TASK: Each line of the data must be written out again verbatim; no image belongs in the copy.

DATASET EXCERPTS:
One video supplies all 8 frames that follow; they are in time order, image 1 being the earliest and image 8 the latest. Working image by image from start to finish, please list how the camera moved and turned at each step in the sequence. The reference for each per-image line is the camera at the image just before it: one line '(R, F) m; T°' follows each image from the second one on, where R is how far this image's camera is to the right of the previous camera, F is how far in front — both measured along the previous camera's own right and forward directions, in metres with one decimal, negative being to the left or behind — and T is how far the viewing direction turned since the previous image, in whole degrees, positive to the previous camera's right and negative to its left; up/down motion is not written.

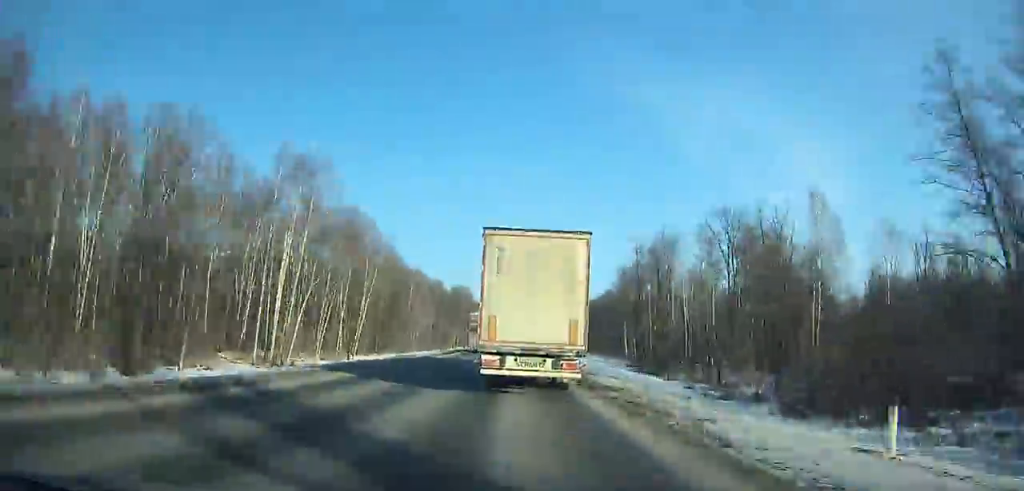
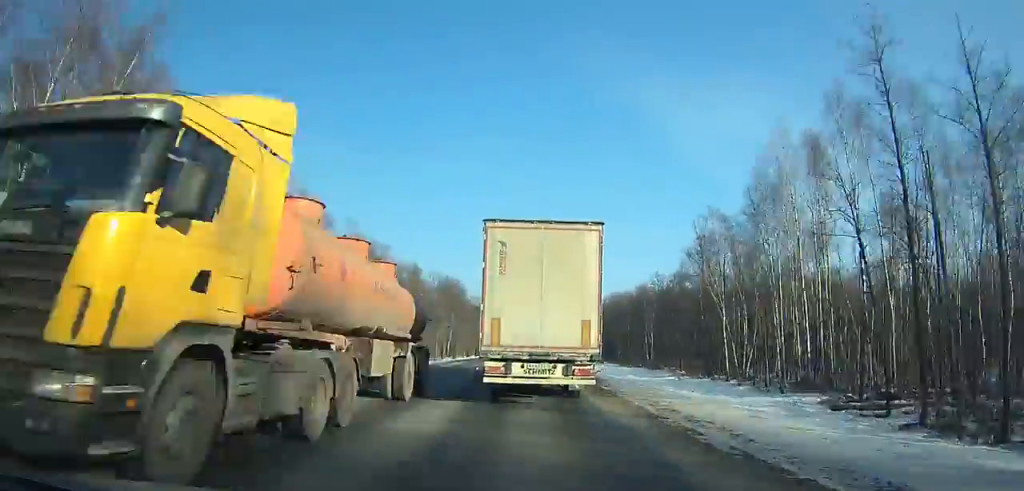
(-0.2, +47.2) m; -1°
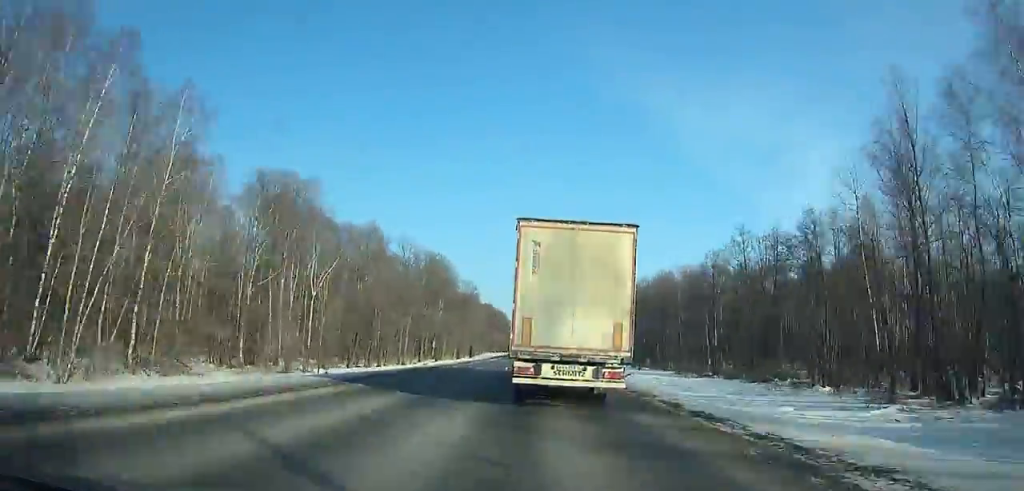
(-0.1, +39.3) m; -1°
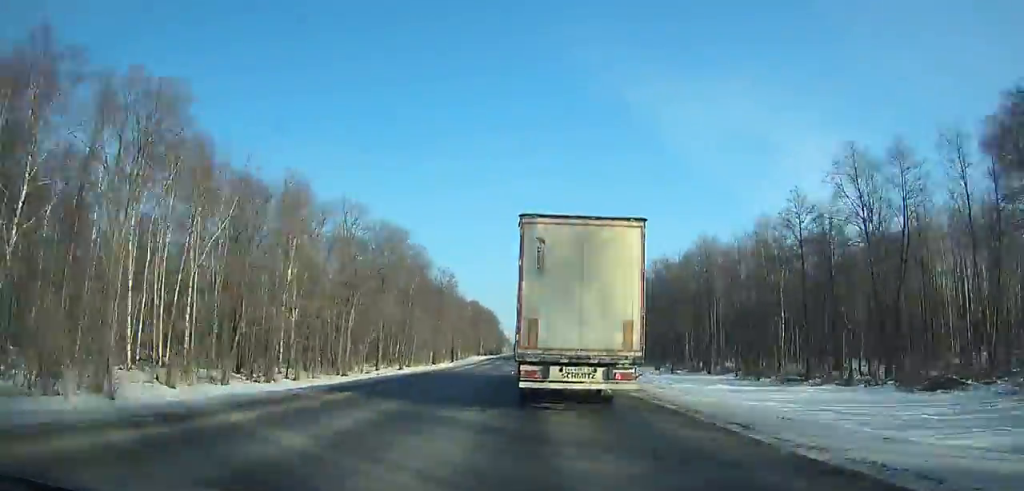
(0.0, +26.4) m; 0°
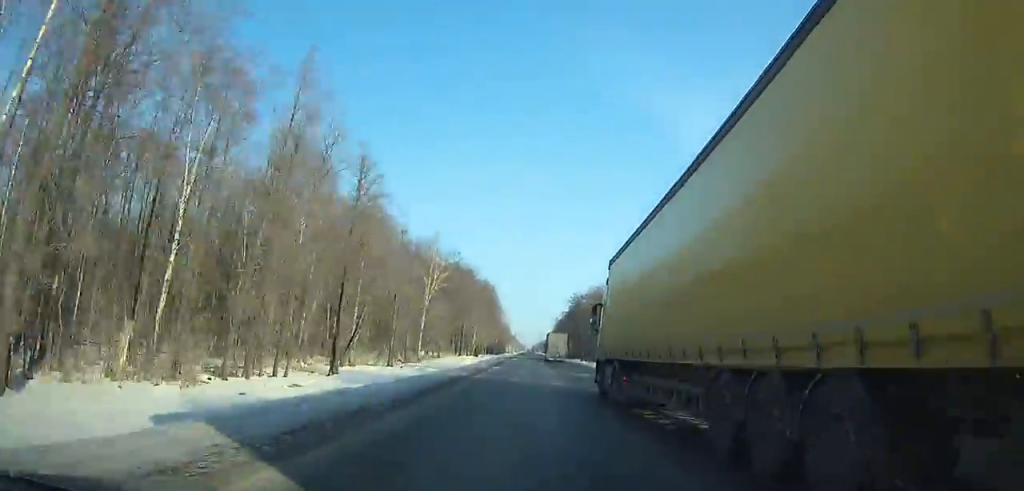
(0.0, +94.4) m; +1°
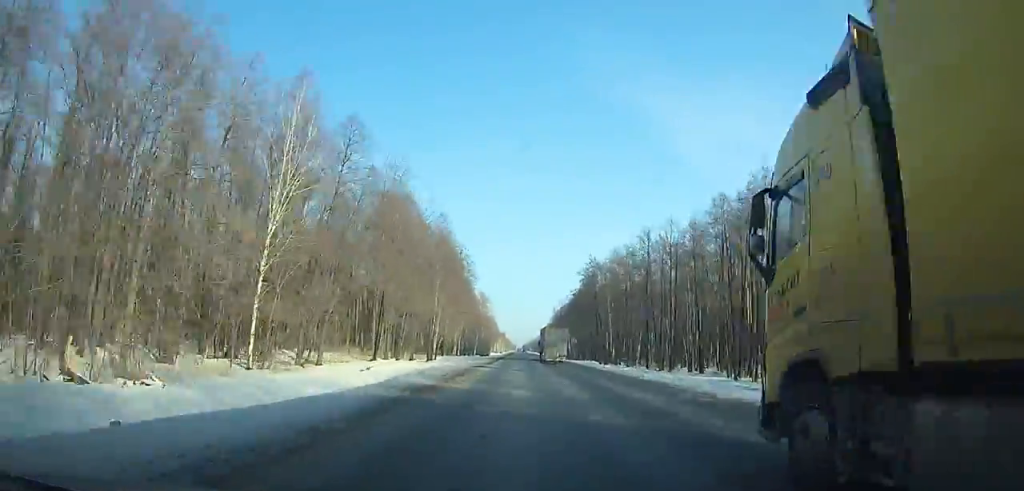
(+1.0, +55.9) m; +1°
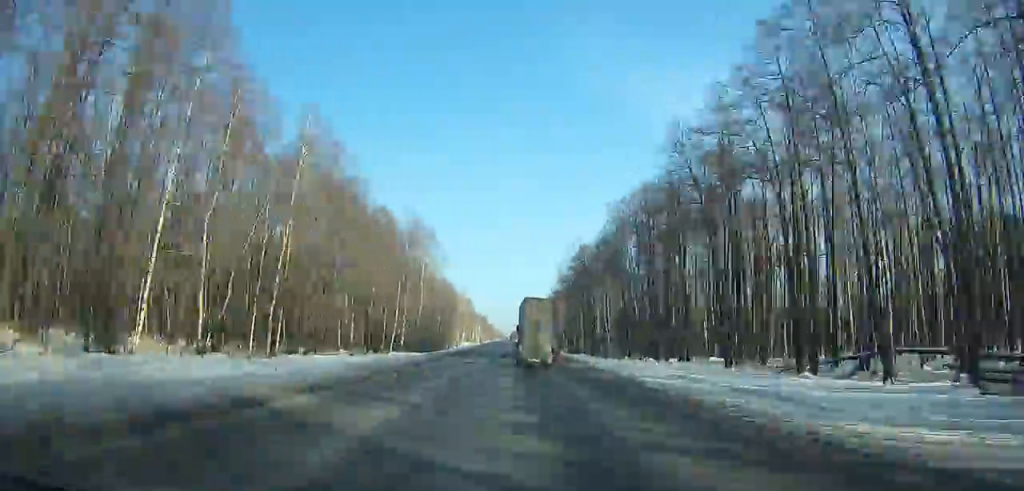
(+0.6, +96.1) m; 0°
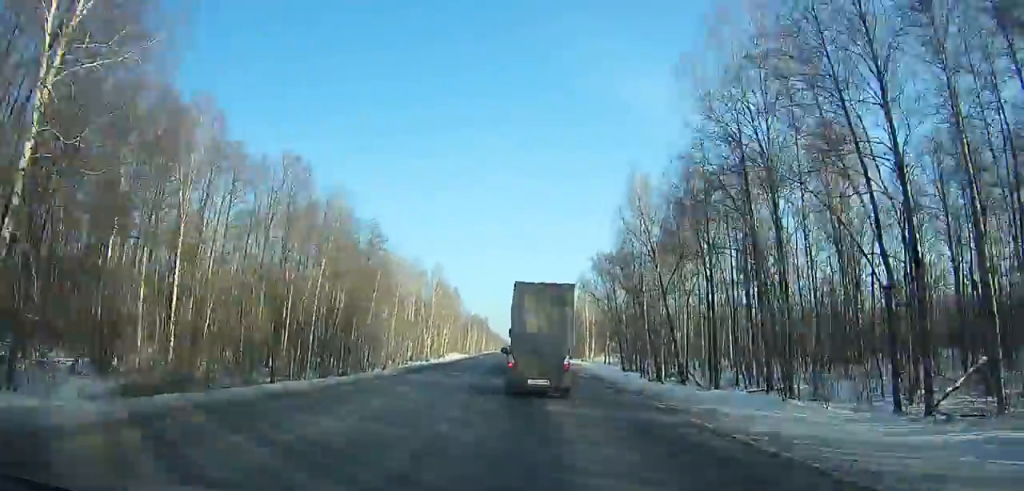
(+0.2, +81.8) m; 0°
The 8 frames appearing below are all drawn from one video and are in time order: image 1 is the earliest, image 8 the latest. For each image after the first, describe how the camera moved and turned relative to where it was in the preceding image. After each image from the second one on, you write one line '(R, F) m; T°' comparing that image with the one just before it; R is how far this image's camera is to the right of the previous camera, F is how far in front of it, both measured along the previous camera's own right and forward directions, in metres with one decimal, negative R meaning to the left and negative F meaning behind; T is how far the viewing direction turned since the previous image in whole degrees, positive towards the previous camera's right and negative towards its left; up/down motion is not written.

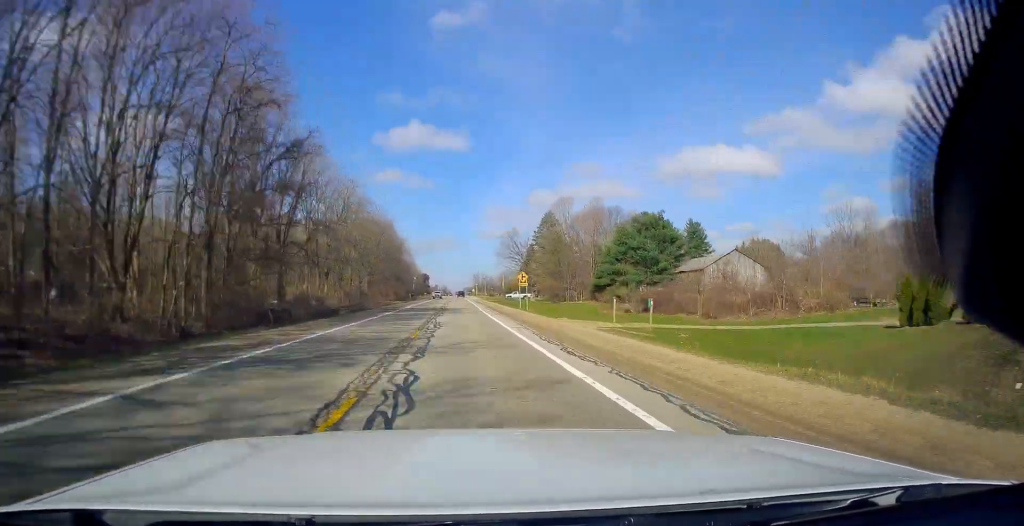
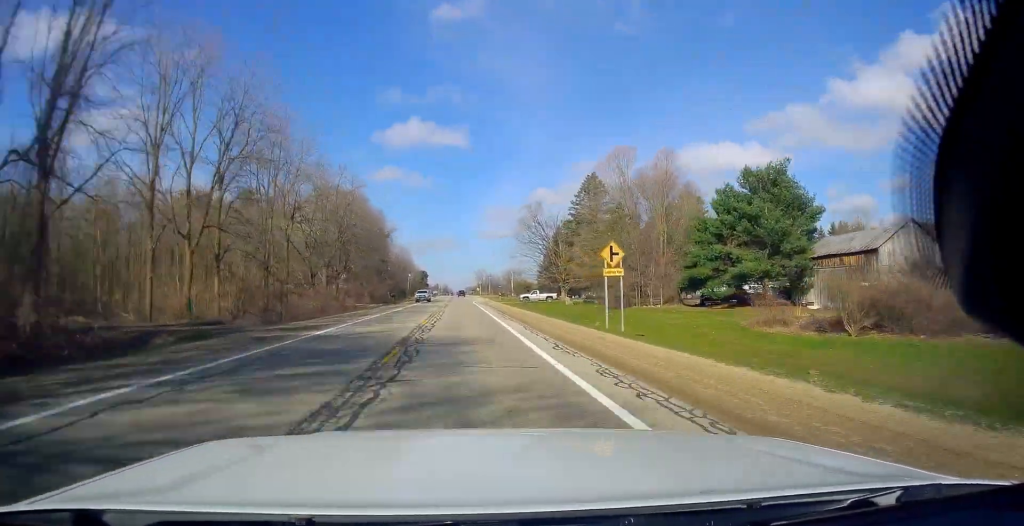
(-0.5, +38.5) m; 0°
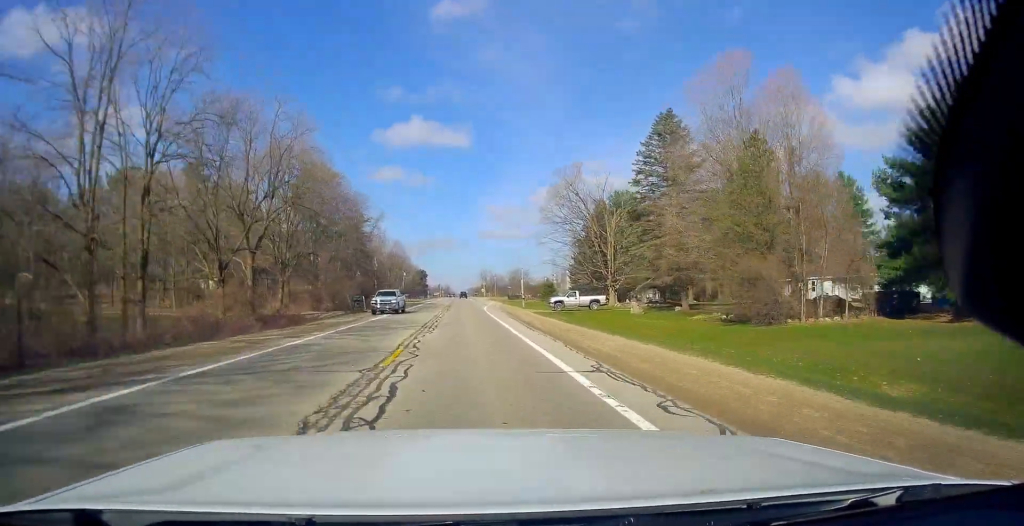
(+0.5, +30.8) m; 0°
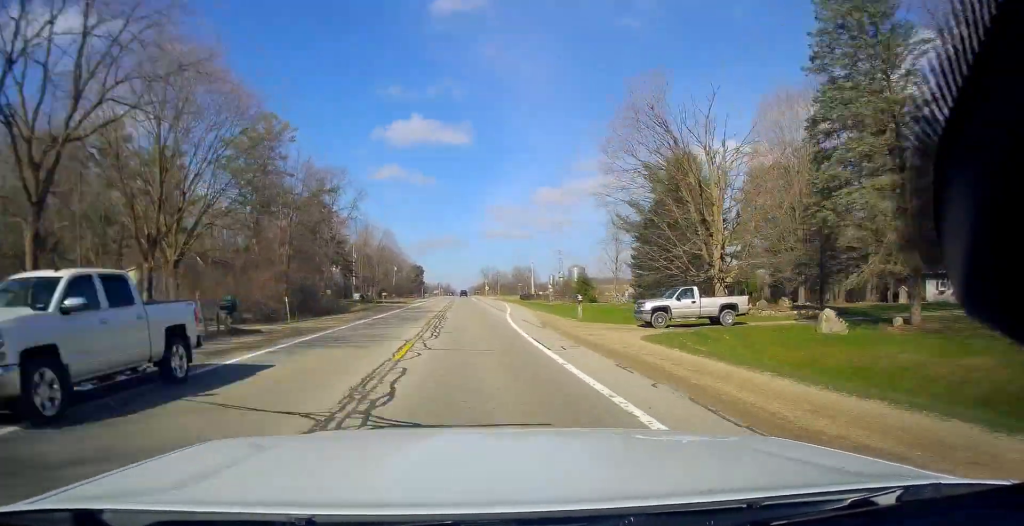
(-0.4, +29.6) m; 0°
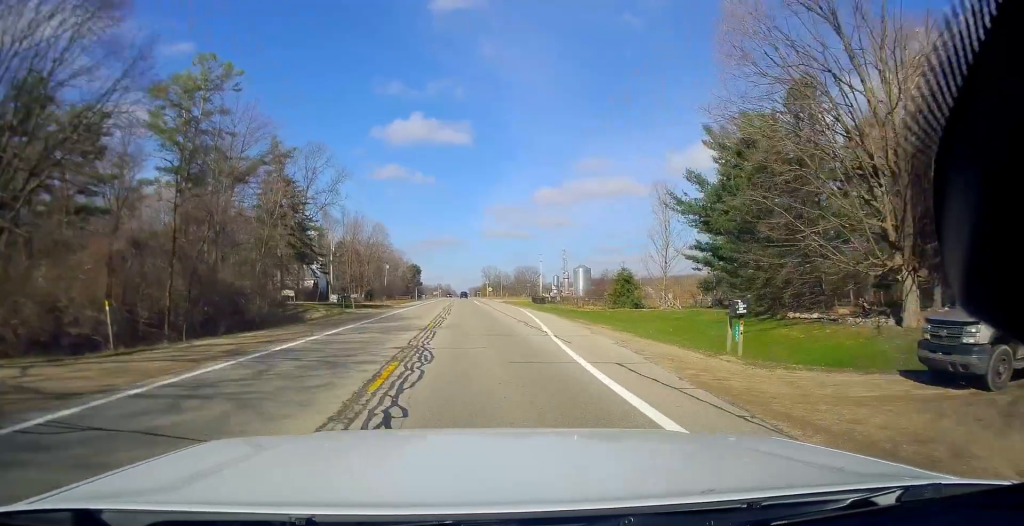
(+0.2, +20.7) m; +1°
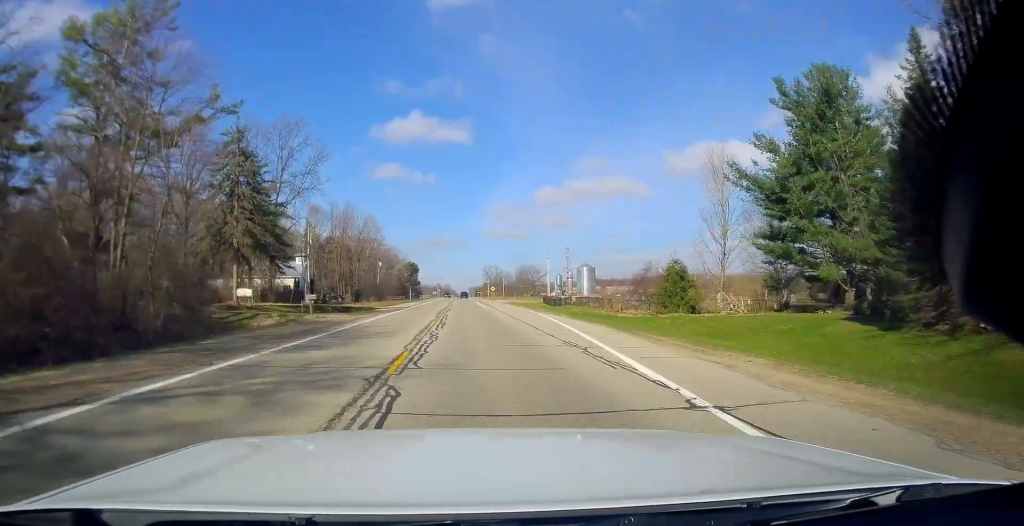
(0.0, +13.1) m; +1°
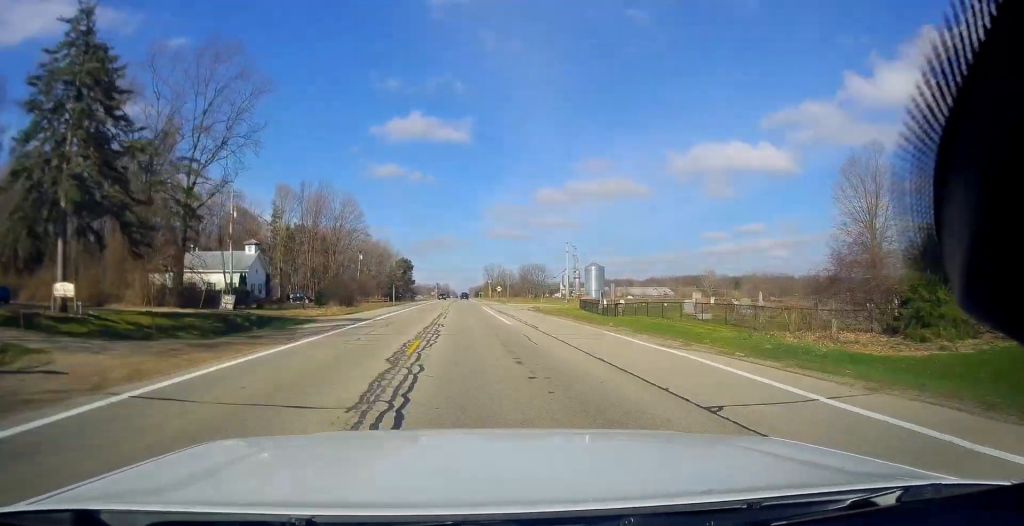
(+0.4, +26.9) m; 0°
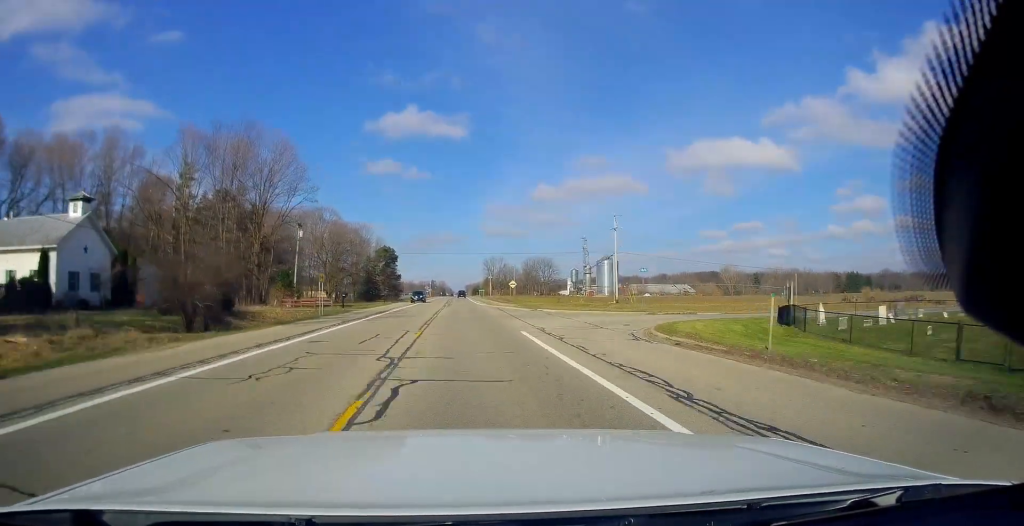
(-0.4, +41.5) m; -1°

REPLY:
One video supplies all 8 frames that follow; they are in time order, image 1 being the earliest and image 8 the latest. Working image by image from start to finish, please list how the camera moved and turned at each step in the sequence. The reference for each per-image line is the camera at the image just before it: one line '(R, F) m; T°' follows each image from the second one on, where R is how far this image's camera is to the right of the previous camera, F is how far in front — both measured along the previous camera's own right and forward directions, in metres with one decimal, negative being to the left or behind — and T is how far the viewing direction turned since the previous image, in whole degrees, positive to the previous camera's right and negative to its left; up/down motion is not written.

(-0.2, +47.2) m; -1°
(-0.1, +39.3) m; -1°
(0.0, +26.4) m; 0°
(0.0, +94.4) m; +1°
(+1.0, +55.9) m; +1°
(+0.6, +96.1) m; 0°
(+0.2, +81.8) m; 0°
The 8 frames appearing below are all drawn from one video and are in time order: image 1 is the earliest, image 8 the latest. For each image after the first, describe how the camera moved and turned relative to where it was in the preceding image. After each image from the second one on, you write one line '(R, F) m; T°' comparing that image with the one just before it; R is how far this image's camera is to the right of the previous camera, F is how far in front of it, both measured along the previous camera's own right and forward directions, in metres with one decimal, negative R meaning to the left and negative F meaning behind; T is how far the viewing direction turned since the previous image in whole degrees, positive towards the previous camera's right and negative towards its left; up/down motion is not written.

(-0.5, +38.5) m; 0°
(+0.5, +30.8) m; 0°
(-0.4, +29.6) m; 0°
(+0.2, +20.7) m; +1°
(0.0, +13.1) m; +1°
(+0.4, +26.9) m; 0°
(-0.4, +41.5) m; -1°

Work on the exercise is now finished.